This project was created by the research group of the Federal Technological University of Paraná - Cornélio Procópio Campus.
Before you start, you need to understand a bit of the context in which this experiment was conducted. Our main goal is to support secondary studies, such as Systematic Literature Reviews (SLR) and Systematic Mappings (SM). This type of study has been increasingly used in Software Engineering (SE) since they allow the identification of available evidence related to a research topic. One of the main activities of the process of conducting a secondary study is the primary studies selection, which involves, at first, the reading of the abstracts of the candidate studies. However, the growing number of scientific publications, coupled with the poor quality of their abstracts, it makes this activity increasingly difficult for researchers. Some solutions have been proposed to mitigate the problem, among them, the use of structured abstracts and graphic summaries. Previous studies have proposed guidelines for the construction of graphic summaries. However, these summaries continue to be created manually.
In this repository, you will find the replication kit used to evaluate our approach to automatically build graphic abstracts using NLP techniques. In the next sections, we describe the experimental setup used to evaluate if the concept maps created automatically are similar to those created manually.

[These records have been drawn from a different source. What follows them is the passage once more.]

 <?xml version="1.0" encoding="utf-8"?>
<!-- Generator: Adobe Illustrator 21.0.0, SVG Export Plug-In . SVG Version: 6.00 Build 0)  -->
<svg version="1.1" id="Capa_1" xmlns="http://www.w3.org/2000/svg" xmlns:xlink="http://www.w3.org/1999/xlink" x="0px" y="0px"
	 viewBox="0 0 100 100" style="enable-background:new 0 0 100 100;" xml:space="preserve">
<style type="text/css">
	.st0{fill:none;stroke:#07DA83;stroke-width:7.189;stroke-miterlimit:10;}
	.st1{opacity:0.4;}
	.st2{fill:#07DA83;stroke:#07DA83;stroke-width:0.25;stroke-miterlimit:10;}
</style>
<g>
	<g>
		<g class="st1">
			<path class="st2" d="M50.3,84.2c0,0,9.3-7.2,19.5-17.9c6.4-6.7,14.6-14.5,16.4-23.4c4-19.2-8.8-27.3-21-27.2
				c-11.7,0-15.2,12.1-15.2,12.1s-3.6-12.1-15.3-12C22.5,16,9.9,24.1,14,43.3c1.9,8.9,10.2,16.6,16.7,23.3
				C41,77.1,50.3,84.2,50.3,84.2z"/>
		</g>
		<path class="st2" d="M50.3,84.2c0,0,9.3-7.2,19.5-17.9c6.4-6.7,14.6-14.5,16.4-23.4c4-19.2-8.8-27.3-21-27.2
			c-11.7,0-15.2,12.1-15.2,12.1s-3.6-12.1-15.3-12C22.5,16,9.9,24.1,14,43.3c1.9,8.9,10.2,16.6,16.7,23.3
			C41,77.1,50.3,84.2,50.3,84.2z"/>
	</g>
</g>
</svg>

In addition, we also evaluated the efficiency of the classifier used in our approach using machine learning techniques and this data is available too.

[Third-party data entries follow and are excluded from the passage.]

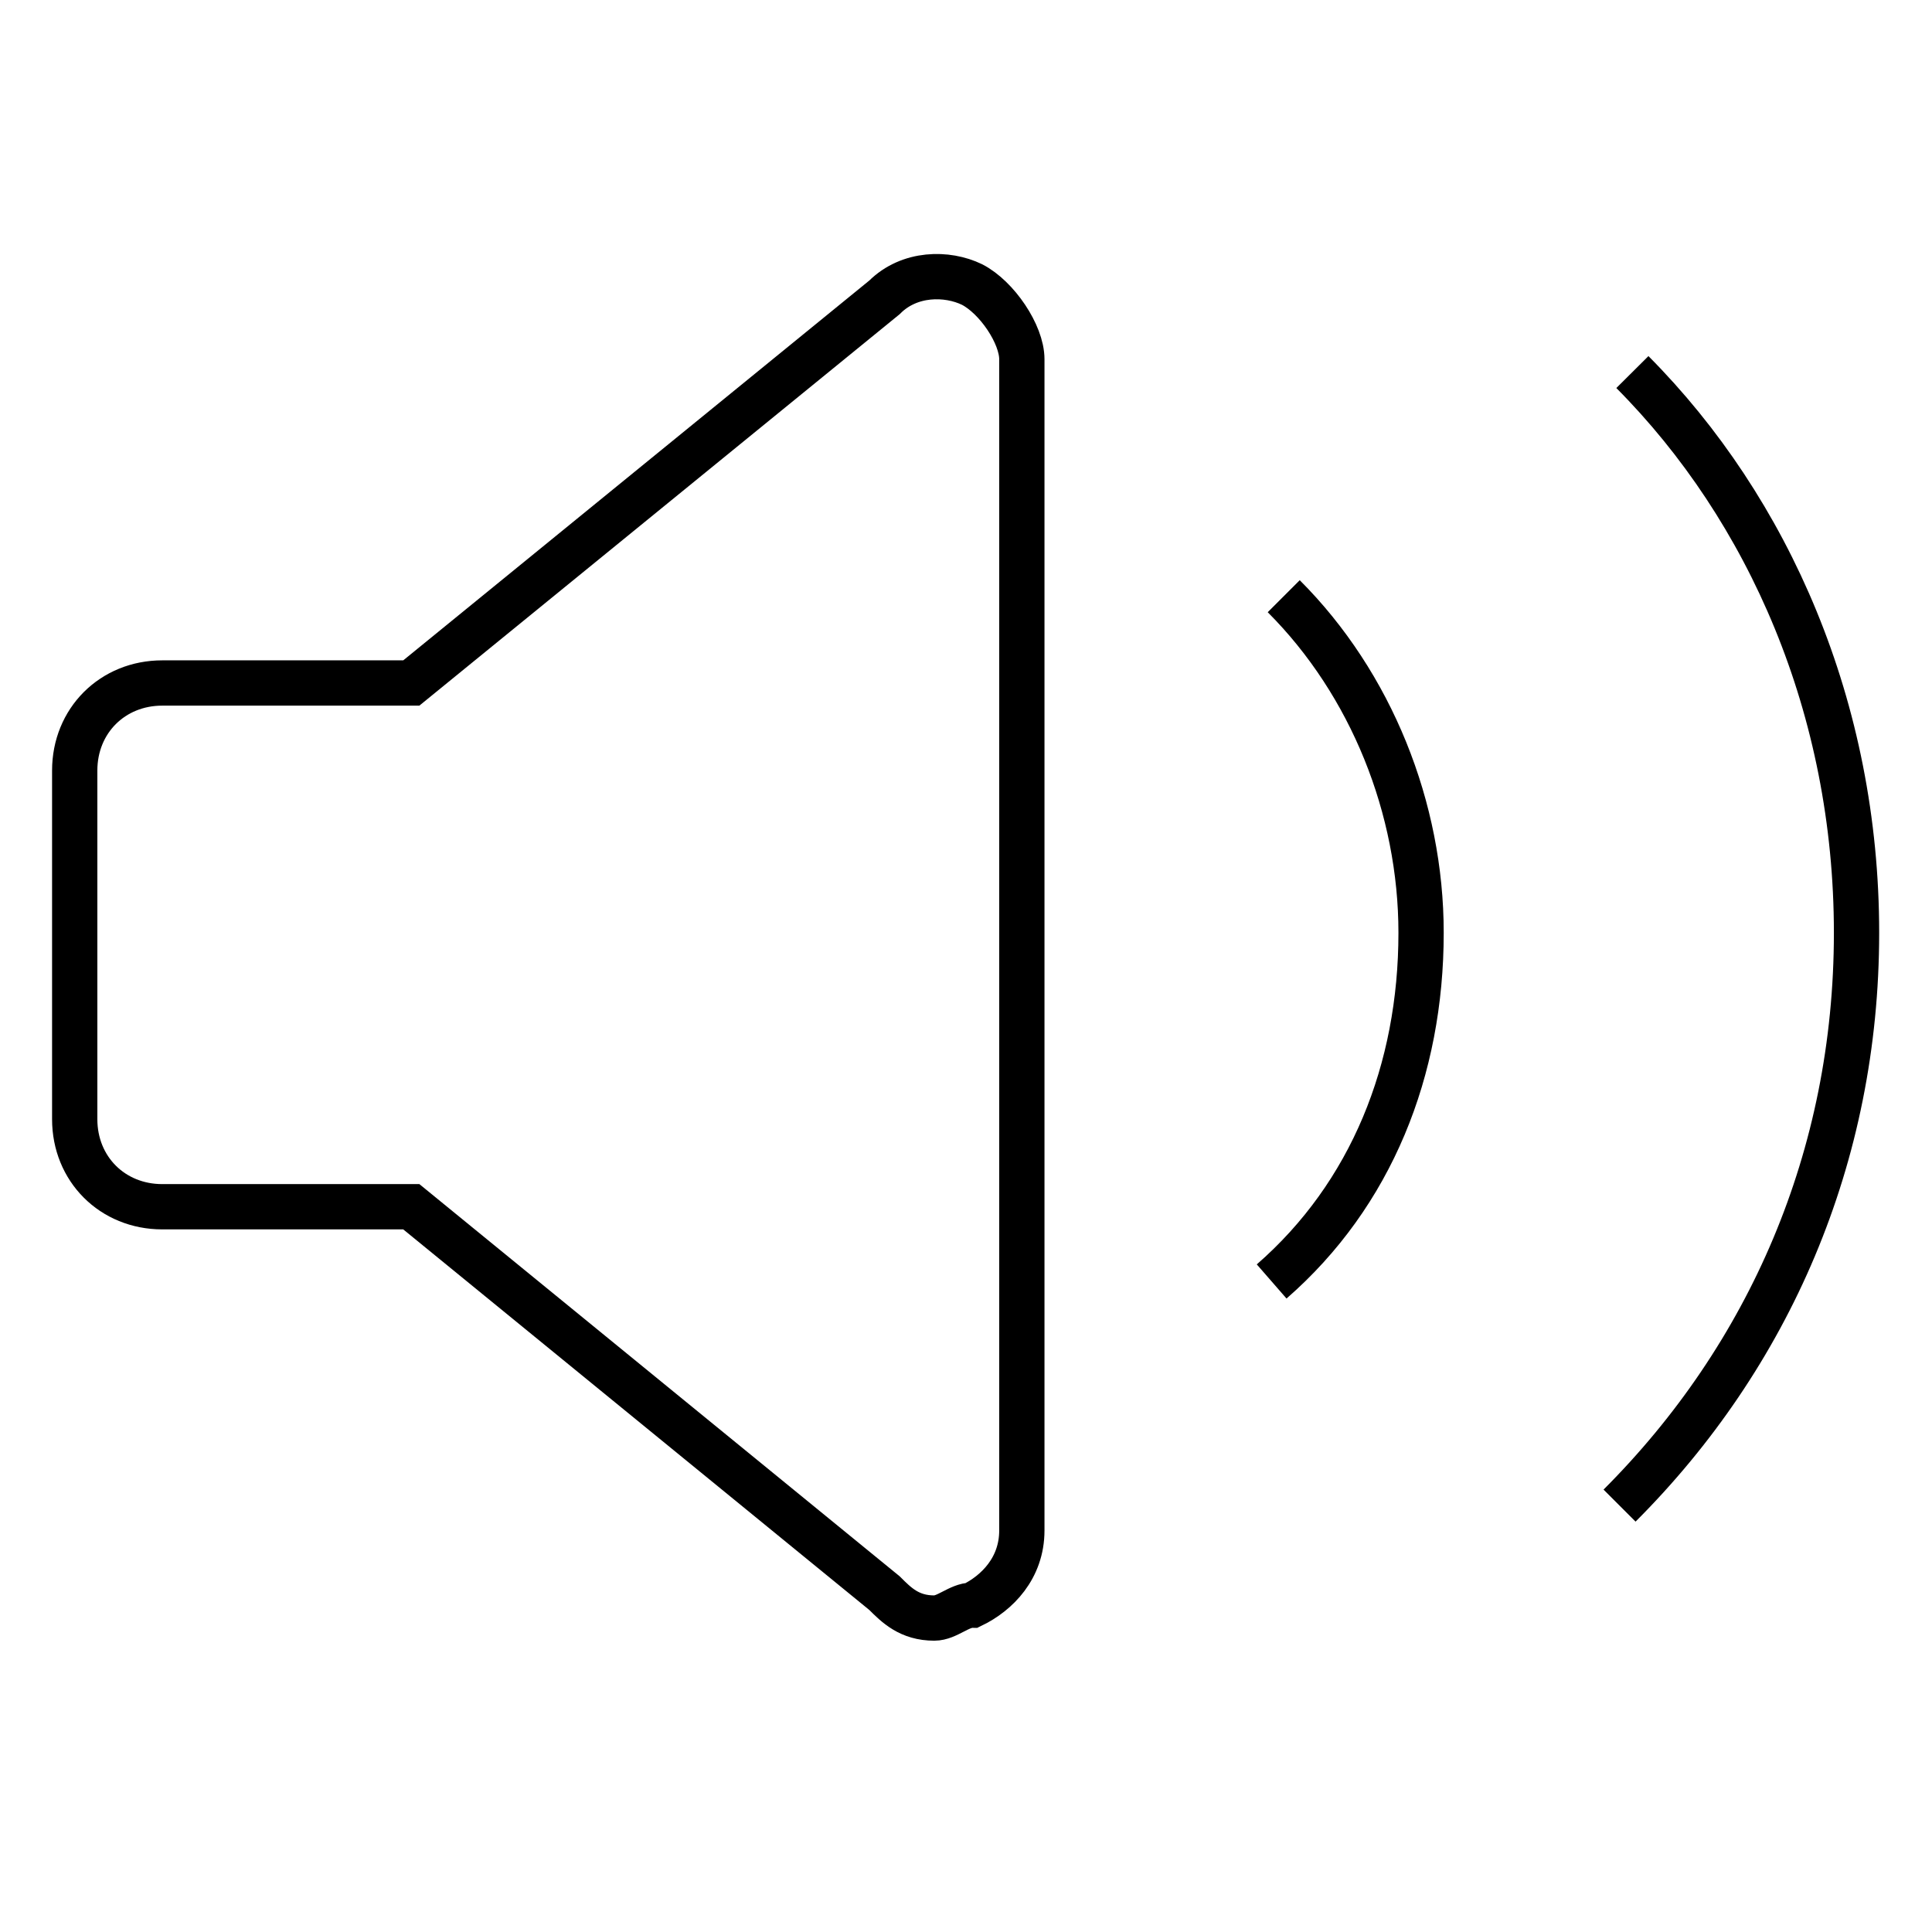<?xml version="1.0" encoding="utf-8"?>
<!-- Svg Vector Icons : http://www.onlinewebfonts.com/icon -->
<!DOCTYPE svg PUBLIC "-//W3C//DTD SVG 1.1//EN" "http://www.w3.org/Graphics/SVG/1.1/DTD/svg11.dtd">
<svg version="1.1" xmlns="http://www.w3.org/2000/svg" xmlns:xlink="http://www.w3.org/1999/xlink" x="0px" y="0px" viewBox="0 0 256 256" enable-background="new 0 0 256 256" xml:space="preserve">
<g><g><path stroke-width="6" fill-opacity="0" stroke="#000000"  d="M135.4,202.8c0,5-3.3,8.3-6.6,9.9c-1.7,0-3.3,1.7-5,1.7c-3.3,0-5-1.7-6.6-3.3l-62.7-51.2h-33c-6.6,0-11.6-5-11.6-11.6v-46.2c0-6.6,5-11.6,11.6-11.6h33l62.7-51.1c3.3-3.3,8.3-3.3,11.6-1.7c3.3,1.7,6.6,6.6,6.6,9.9V202.8z"/><path stroke-width="6" fill-opacity="0" stroke="#000000"  d="M227.8,219.3"/><path stroke-width="6" fill-opacity="0" stroke="#000000"  d="M214.6,199.5c19.8-19.8,31.4-46.2,31.4-75.9c0-29.7-11.6-56.1-29.7-74.3"/><path stroke-width="6" fill-opacity="0" stroke="#000000"  d="M170.1,79c11.6,11.6,18.2,28.1,18.2,44.6c0,18.2-6.6,34.7-19.8,46.2"/></g></g>
</svg>

In this folder, we provide the assets necessary to perform the classifier training:
- Raw Corpus (compressed): contains more than 200 abstracts in txt files and manually tagged by our team.
- Corpus parsed: Software engineering corpus already parsed in arff format.
- Models previously trained: J48, Random Forest and Naive Bayes trained in Weka
- Config Files: Configurations for training a model in weka.
To audit these results you must download weka and import these data for explorer and use the configurations. The arff data was generated by a feature of our tool placed in: https://github.com/csm-applications/CSM-CMtoolkit
In this folder, you will find:
- Forms used to survey the participants
- Excel spreadsheet containing the results collected
This experiment was conducted in UTFPR in 2017 and its participants were graduate students. We surveyed the participants regarding the quality of concept maps generated and the concept maps created by humans. Finally, we compared the results to verify if there are significant differences between them. The results indicate that no significant statistical differences were found and the maps generated by our approach can create comprehensible concept maps.